3.1 Relevance

Central to the evaluation of IR systems is the notion of relevance. Relevance of a piece of information (be it a web page, document, passage, or anything else) is measured against an information need of some user. Contextual factors such as presentation or document style aside [133], determining a topical definition of an information need is subject to various user-based parameters [159]. For example, different users may have different backgrounds, their understanding of the topic might change as they browse through a result list, or they may aim to solve different tasks. Objectively determining relevance of a piece of information to an information need is difficult to operationalize. Cool et al. [78], for example, studied the real life tasks of writing an essay and found that characteristics other than topical relevance affect a person’s evaluation of a document’s usefulness. This complexity of relevance as an evaluation criterion has been recognized already by Saracevic [279] and is still pertinent today.

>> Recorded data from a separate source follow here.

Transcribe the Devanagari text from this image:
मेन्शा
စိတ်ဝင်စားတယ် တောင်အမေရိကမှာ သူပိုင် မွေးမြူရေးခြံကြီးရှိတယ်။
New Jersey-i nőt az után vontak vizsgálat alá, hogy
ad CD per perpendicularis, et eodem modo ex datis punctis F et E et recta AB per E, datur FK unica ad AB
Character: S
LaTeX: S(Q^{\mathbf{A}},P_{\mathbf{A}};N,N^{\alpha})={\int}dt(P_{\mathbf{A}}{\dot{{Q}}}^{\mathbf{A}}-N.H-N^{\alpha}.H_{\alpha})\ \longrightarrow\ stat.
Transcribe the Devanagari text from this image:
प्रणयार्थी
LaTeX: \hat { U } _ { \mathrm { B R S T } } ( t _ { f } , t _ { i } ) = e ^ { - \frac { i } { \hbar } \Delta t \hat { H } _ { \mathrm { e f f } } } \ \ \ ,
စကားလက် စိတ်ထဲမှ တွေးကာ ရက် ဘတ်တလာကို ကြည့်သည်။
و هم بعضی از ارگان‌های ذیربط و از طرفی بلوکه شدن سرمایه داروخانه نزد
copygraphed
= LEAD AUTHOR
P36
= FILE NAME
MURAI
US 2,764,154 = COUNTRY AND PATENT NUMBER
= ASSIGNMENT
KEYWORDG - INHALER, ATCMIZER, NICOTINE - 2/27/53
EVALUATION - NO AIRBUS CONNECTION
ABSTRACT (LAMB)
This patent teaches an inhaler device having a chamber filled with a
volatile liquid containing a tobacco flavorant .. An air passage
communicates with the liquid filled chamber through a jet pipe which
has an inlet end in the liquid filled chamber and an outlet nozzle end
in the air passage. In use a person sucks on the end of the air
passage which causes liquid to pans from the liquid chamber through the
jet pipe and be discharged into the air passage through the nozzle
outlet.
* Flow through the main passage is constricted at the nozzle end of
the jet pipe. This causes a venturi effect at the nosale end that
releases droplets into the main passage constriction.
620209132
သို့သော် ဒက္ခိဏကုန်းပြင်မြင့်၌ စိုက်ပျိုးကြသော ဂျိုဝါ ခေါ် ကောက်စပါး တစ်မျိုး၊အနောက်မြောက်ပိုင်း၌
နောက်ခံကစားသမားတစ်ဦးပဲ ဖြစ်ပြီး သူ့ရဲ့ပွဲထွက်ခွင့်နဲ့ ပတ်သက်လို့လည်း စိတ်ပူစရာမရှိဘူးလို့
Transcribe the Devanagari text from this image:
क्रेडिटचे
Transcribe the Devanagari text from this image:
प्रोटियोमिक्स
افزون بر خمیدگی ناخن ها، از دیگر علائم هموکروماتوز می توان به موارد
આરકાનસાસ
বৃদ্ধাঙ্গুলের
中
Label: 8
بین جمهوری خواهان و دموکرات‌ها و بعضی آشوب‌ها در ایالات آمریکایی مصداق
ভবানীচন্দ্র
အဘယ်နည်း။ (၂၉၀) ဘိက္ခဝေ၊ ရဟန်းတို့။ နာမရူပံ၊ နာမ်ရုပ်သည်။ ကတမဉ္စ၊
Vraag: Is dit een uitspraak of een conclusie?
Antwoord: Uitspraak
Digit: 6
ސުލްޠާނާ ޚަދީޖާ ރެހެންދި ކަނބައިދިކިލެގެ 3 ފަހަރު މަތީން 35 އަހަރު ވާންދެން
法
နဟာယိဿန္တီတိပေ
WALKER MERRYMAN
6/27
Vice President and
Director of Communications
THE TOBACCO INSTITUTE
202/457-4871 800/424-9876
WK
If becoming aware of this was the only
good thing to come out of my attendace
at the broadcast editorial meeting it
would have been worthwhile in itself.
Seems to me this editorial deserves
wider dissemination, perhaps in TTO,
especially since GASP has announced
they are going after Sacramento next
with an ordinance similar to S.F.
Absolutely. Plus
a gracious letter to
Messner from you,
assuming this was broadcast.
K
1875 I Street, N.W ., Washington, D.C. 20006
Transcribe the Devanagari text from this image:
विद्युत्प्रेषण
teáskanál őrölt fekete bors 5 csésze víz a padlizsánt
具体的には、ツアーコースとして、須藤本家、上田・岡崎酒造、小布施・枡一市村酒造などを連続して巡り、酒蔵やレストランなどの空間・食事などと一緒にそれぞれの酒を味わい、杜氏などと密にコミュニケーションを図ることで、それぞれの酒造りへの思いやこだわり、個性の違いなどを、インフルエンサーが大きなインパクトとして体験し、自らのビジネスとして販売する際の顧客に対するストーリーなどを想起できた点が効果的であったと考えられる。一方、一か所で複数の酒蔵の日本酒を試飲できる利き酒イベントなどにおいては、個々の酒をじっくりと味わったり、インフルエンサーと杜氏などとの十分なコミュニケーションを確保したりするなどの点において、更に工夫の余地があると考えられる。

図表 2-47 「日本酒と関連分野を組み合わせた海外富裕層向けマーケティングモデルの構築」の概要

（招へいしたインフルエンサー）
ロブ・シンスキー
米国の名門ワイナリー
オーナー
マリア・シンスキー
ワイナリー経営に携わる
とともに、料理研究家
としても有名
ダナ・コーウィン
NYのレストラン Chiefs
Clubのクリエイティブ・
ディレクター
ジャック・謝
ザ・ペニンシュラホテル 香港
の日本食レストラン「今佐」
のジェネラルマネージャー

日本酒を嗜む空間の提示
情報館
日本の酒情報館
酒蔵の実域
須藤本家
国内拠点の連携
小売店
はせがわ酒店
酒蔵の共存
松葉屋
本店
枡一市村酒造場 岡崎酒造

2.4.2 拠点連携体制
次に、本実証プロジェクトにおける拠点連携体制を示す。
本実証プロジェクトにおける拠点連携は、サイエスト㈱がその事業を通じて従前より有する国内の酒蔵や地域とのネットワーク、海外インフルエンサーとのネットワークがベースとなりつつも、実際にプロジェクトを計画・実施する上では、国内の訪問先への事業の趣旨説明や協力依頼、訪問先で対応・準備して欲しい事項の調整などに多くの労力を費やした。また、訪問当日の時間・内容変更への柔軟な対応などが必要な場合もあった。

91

Cooper [79] posits that any valid measure of IR system performance must be derived from the goal of such a system. Since the goal is to satisfy the information need of a user, a measure of utility to the user is required. Cooper concludes that user satisfaction with the results generated by a system is the optimal measure of performance. These intuitions provide the basis for the user-based approach to IR system evaluation. According to this view, systems should be evaluated on how well they provide the information needed by a user. And, in turn, the best judge of this performance is the person who is going to use the information. Despite criticisms [289], researchers committed to a user-centered model of system evaluation.

The Cranfield experiments sidestepped any issues pertaining to relevance [7475260]. In Cranfield I, queries were generated from documents and the goal was to retrieve the document each query was generated from. As such, there was only a single relevant document to be retrieved for each query. In Cranfield II, queries were generated in the same way, but each document was now manually judged for relevance. In a recent study, Kelly et al. [163] report on the results of a user study. They find that there exists linear relationships between the users’ perception of system performance and the position of relevant documents in a search results list as well as the total number of retrieved relevant documents; the number of relevant documents retrieved was a stronger predictor of the users’ evaluation ratings. In the next section we introduce the common methodology associated with the evaluation of IR systems.